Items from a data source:
Content starts
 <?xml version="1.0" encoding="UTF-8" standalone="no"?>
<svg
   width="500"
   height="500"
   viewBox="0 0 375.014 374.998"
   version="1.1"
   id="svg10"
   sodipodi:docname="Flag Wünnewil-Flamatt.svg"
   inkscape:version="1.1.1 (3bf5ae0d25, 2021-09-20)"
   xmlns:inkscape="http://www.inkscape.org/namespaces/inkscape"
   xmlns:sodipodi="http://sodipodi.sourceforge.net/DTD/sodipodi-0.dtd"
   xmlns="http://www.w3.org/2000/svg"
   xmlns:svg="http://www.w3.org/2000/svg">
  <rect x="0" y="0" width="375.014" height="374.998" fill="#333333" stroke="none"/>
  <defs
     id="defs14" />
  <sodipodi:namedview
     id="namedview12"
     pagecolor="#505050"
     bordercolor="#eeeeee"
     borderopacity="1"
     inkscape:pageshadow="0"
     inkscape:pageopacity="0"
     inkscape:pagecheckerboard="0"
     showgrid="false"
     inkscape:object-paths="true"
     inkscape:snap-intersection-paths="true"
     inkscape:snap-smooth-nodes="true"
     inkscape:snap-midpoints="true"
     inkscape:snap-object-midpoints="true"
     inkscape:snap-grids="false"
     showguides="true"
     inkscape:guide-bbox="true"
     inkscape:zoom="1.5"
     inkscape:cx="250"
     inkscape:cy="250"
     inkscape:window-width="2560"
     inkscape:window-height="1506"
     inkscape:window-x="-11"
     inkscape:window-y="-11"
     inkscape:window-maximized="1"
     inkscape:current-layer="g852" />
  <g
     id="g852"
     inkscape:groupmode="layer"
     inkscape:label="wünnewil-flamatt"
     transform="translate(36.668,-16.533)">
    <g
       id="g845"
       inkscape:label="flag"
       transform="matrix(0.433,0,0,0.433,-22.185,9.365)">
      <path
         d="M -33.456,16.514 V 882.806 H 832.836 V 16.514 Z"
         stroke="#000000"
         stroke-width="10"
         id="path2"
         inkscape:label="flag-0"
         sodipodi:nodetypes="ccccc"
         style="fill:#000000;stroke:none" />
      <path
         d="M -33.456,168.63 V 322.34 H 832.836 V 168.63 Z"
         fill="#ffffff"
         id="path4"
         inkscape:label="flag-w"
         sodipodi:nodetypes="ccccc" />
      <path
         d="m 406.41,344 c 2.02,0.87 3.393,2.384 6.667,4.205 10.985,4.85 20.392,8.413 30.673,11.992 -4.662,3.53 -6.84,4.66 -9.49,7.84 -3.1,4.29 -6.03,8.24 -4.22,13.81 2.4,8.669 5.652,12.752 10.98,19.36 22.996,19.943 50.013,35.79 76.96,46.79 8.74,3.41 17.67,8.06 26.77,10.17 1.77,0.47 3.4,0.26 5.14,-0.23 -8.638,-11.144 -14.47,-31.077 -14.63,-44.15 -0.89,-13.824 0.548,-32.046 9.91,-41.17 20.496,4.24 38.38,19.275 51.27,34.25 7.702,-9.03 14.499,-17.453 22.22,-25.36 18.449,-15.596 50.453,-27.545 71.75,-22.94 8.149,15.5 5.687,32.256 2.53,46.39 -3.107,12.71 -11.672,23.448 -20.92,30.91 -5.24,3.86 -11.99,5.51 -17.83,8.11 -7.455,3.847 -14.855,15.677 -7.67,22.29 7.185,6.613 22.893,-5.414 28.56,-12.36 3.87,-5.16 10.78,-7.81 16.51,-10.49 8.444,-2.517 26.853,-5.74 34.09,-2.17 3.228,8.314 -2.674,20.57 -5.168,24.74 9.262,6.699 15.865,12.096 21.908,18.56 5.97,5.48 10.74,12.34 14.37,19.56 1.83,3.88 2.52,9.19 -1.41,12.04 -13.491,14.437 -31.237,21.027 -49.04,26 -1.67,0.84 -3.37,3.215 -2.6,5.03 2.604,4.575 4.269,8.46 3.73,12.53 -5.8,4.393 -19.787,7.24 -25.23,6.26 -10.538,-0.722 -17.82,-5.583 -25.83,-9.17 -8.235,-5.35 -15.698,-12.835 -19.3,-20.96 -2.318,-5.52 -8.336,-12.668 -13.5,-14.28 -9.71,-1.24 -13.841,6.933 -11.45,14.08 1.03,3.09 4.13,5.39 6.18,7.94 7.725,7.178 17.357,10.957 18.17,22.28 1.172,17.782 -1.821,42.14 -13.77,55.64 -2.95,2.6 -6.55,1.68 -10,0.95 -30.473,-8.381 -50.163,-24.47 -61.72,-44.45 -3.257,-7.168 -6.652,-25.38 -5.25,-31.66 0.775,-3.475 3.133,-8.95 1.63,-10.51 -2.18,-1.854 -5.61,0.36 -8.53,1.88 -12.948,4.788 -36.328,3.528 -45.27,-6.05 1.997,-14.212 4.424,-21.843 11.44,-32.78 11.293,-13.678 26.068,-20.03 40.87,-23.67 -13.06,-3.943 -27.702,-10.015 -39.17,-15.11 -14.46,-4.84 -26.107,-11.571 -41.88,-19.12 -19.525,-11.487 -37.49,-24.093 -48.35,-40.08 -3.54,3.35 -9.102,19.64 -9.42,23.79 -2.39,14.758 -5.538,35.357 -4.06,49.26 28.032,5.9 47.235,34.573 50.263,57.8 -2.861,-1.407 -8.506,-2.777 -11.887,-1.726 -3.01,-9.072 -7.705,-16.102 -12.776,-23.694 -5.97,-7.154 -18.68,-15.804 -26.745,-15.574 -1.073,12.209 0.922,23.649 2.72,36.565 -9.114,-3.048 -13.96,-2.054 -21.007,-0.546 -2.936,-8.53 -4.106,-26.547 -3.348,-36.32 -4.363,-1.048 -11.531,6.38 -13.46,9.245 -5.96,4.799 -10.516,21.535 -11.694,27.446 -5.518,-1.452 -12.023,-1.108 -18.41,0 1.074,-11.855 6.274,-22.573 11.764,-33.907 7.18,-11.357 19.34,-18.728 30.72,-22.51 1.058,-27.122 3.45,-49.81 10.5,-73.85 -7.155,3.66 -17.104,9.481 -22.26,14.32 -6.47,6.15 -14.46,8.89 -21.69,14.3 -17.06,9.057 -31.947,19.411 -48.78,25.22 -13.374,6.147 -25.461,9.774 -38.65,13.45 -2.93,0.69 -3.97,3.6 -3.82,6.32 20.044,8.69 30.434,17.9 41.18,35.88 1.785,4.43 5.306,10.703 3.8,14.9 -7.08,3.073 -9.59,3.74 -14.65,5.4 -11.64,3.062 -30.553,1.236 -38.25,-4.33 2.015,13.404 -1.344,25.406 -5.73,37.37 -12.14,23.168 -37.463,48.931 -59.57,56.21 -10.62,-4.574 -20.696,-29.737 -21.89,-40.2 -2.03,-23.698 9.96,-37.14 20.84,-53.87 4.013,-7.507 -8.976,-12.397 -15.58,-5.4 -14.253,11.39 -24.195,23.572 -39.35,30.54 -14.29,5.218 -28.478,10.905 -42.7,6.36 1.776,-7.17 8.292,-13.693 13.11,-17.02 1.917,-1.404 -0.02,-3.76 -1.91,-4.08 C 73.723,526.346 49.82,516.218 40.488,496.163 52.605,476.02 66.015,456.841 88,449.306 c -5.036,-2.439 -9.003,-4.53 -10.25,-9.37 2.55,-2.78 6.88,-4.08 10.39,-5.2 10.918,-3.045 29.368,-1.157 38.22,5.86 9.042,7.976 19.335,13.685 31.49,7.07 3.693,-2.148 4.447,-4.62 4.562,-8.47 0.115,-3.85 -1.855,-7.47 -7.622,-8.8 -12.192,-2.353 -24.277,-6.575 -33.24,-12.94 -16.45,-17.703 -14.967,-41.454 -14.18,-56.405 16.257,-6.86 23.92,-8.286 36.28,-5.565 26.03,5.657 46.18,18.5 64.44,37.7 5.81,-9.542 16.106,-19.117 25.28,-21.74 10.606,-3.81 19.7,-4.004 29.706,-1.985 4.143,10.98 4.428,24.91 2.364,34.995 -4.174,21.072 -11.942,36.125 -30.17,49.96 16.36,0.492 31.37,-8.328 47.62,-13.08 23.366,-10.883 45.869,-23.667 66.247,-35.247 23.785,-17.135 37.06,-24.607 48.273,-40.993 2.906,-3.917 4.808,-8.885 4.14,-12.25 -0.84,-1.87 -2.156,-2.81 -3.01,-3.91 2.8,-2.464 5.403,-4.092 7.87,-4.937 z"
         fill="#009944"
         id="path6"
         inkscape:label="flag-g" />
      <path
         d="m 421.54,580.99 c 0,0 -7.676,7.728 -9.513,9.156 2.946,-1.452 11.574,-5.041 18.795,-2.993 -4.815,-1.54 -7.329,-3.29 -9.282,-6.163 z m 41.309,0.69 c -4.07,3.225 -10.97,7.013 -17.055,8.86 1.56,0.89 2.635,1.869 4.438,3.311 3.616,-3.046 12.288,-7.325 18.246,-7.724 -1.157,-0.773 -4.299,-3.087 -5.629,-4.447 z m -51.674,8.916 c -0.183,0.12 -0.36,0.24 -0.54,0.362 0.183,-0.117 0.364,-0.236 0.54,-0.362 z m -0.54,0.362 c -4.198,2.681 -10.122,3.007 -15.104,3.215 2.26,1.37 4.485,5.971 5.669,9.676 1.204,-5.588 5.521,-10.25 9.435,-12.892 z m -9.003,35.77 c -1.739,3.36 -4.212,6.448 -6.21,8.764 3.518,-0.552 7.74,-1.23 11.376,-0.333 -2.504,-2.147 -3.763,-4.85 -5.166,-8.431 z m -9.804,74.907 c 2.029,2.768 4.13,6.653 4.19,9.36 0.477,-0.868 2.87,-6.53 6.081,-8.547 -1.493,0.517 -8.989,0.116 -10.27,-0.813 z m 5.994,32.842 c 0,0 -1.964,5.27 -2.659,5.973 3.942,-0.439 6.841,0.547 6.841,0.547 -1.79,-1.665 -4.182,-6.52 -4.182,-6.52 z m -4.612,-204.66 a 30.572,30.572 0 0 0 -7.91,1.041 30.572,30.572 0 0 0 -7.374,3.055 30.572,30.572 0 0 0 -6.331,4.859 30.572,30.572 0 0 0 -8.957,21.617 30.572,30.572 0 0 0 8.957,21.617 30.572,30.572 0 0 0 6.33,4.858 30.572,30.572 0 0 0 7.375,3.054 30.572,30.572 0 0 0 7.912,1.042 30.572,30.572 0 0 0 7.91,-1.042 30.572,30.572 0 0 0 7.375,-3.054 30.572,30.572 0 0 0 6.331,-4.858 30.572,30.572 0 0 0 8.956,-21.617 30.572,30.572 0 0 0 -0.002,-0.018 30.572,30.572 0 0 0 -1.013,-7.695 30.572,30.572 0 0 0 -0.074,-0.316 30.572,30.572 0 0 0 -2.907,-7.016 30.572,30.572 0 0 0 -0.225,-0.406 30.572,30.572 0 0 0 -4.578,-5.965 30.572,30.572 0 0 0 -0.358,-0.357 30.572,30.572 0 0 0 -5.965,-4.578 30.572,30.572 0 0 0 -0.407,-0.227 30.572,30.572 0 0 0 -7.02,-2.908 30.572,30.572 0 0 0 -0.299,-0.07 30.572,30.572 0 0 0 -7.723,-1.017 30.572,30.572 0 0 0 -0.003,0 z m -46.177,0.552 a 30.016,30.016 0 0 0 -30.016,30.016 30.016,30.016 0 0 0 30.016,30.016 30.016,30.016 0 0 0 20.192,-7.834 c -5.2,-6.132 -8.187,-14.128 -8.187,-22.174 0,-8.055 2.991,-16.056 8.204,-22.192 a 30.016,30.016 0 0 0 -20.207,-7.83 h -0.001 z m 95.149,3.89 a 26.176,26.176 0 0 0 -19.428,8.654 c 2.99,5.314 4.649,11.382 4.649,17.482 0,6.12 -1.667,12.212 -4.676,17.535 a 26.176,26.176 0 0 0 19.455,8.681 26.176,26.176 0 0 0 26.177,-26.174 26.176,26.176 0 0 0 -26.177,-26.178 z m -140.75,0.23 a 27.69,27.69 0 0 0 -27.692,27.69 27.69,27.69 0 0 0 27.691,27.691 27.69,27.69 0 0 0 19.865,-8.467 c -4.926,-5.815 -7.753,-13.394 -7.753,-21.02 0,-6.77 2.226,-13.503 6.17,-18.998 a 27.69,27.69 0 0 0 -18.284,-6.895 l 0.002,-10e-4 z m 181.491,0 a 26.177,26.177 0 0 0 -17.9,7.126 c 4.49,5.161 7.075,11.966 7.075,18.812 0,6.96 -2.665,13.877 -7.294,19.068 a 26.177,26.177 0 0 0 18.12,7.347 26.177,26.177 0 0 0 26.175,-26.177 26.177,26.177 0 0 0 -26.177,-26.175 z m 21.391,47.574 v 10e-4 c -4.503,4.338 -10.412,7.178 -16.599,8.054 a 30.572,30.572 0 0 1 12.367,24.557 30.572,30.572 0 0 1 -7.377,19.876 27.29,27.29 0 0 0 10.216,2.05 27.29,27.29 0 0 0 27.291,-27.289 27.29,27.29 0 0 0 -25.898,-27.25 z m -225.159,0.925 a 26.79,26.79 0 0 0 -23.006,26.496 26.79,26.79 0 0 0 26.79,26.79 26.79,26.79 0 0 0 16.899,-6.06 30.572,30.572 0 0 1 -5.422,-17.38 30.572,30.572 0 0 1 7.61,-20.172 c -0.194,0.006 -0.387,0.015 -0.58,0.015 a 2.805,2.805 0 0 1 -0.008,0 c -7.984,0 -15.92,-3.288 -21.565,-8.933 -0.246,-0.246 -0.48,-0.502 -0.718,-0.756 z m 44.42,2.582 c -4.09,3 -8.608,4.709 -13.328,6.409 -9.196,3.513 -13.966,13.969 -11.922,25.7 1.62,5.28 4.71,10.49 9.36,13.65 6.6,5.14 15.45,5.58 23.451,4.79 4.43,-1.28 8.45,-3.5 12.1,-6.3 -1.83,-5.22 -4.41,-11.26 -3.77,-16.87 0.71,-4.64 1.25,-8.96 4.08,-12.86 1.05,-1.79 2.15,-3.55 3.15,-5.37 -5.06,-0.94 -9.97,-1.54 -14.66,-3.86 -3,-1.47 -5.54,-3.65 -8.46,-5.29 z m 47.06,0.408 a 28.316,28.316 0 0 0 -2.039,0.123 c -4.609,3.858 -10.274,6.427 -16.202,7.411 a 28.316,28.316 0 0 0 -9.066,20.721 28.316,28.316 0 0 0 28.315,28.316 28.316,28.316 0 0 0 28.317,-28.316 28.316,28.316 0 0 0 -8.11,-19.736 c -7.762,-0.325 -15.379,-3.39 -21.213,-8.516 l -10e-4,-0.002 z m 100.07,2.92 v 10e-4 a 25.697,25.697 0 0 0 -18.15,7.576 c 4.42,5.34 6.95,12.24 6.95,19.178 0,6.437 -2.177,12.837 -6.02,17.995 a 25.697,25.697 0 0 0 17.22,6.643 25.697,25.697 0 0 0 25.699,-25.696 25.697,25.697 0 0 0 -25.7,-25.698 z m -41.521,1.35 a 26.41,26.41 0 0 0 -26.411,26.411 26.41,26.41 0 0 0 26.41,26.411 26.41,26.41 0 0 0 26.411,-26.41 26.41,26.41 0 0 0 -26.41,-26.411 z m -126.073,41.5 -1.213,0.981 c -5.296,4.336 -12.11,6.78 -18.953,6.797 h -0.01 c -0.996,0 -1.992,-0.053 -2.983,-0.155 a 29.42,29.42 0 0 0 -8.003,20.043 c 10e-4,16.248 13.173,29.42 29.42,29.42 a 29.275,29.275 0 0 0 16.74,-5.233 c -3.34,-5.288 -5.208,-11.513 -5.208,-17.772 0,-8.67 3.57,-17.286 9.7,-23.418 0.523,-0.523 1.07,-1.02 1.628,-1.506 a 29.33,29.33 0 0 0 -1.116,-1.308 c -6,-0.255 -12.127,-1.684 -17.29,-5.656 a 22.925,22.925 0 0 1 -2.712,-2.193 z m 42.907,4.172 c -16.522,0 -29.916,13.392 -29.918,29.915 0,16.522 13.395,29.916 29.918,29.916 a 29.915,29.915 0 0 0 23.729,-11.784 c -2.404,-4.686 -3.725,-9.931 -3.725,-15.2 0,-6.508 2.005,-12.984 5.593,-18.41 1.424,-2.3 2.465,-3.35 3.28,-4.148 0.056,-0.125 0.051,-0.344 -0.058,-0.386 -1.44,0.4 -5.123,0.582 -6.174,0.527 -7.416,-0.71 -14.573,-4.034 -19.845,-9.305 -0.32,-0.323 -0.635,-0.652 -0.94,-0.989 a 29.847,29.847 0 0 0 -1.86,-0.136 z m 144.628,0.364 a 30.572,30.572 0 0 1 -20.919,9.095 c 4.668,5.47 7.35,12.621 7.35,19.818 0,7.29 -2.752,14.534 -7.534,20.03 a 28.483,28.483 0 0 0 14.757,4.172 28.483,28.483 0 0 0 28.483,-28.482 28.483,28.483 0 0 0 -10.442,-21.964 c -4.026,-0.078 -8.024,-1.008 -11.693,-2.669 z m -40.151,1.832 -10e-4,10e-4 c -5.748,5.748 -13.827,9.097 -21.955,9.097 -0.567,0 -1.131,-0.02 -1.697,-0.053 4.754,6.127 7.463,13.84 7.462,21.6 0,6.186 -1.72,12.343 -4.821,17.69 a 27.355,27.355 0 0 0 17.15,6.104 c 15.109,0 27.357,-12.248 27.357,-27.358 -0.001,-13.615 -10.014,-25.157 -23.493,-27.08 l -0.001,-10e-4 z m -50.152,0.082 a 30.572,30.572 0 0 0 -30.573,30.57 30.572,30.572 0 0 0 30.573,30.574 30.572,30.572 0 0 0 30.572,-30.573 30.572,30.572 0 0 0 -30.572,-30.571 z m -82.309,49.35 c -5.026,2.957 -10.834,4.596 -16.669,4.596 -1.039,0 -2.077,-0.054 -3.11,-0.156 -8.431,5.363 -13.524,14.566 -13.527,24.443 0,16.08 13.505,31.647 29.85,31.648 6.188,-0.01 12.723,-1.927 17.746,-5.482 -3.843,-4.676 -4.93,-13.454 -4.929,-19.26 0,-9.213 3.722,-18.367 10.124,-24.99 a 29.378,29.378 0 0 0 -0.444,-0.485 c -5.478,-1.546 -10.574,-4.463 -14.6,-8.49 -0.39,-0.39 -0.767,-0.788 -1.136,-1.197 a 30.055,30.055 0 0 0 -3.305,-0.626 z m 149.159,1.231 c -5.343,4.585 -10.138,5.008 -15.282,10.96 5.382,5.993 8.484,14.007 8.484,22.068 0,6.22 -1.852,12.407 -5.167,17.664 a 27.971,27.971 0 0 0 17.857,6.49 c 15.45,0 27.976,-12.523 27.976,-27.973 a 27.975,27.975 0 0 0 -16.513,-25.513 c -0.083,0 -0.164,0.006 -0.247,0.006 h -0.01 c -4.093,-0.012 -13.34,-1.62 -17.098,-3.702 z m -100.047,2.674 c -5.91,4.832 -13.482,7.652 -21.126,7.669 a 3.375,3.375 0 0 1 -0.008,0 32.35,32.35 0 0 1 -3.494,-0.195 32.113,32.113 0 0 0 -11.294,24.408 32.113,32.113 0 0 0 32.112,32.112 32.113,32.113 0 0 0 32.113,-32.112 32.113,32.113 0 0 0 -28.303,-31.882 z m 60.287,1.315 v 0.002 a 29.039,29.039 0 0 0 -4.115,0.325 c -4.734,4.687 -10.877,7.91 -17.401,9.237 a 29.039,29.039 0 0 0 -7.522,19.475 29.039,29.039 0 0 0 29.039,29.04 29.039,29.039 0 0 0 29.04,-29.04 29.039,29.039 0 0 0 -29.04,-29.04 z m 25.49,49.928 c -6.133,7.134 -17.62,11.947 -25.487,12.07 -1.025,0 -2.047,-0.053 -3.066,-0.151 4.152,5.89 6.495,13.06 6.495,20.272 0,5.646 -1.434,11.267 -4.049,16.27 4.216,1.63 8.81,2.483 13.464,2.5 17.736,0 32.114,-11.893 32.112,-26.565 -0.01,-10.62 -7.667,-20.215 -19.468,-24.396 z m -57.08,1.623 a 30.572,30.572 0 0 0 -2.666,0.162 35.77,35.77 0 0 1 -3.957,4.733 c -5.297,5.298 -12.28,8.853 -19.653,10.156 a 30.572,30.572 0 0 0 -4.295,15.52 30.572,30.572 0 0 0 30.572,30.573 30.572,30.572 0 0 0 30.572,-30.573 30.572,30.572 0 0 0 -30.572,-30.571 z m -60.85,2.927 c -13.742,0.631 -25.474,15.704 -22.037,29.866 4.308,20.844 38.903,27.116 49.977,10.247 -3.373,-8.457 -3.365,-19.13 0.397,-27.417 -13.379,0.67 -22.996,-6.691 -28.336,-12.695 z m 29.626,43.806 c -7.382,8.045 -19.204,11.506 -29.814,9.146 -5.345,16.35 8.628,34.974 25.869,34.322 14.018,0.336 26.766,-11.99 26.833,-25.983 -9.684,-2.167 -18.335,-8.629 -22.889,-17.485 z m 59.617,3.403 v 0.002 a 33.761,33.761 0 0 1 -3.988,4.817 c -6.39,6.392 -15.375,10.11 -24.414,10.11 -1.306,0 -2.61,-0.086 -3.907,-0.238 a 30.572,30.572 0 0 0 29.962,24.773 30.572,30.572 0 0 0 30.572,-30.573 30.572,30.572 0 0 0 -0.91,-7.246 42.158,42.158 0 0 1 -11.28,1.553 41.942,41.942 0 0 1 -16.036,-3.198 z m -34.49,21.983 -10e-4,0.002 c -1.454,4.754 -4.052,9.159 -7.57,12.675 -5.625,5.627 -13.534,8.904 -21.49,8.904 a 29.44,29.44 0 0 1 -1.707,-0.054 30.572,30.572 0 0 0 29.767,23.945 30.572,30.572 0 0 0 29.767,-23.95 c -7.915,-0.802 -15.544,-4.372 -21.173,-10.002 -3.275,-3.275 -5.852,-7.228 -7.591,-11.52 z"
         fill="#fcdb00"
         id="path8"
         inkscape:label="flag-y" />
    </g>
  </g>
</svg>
Content ends
§ REQUIREMENT
Go through the records from the first line and copy each one exactly, ending after the line that contains "sodipodi:docna". Give nothing else.

§ TASK OUTPUT
 <?xml version="1.0" encoding="UTF-8" standalone="no"?>
<svg
   width="500"
   height="500"
   viewBox="0 0 375.014 374.998"
   version="1.1"
   id="svg10"
   sodipodi:docname="Flag Wünnewil-Flamatt.svg"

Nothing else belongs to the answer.